• _Exercise_
Please give the entries below again exactly, omitting every picture.

Collected data:
:::

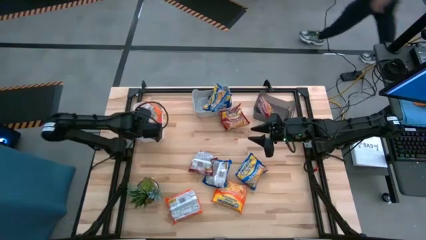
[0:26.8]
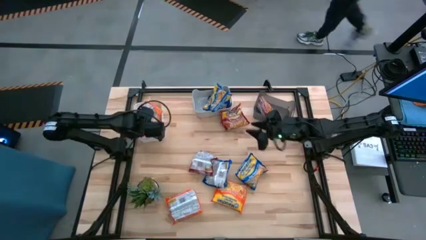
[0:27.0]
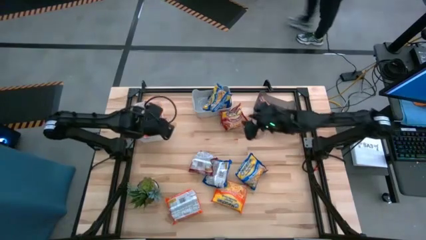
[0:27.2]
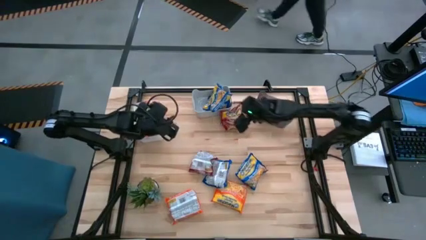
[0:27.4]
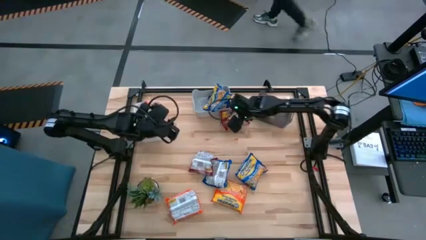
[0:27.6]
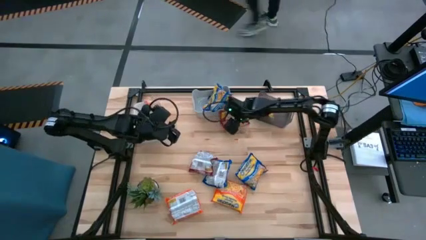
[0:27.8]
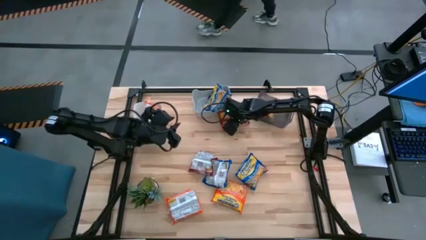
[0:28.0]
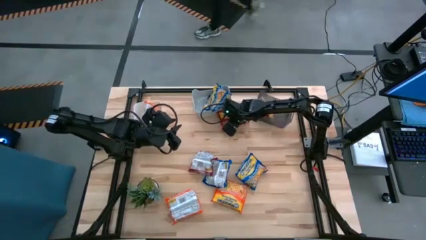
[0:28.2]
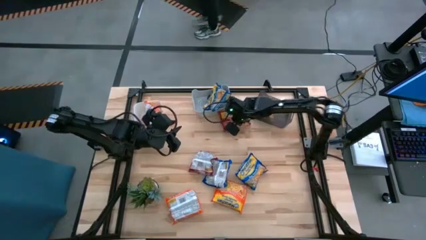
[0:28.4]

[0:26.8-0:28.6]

:::

• _Written response_
[0:26.8]
[0:27.0]
[0:27.2]
[0:27.4]
[0:27.6]
[0:27.8]
[0:28.0]
[0:28.2]
[0:28.4]

[0:26.8-0:28.6]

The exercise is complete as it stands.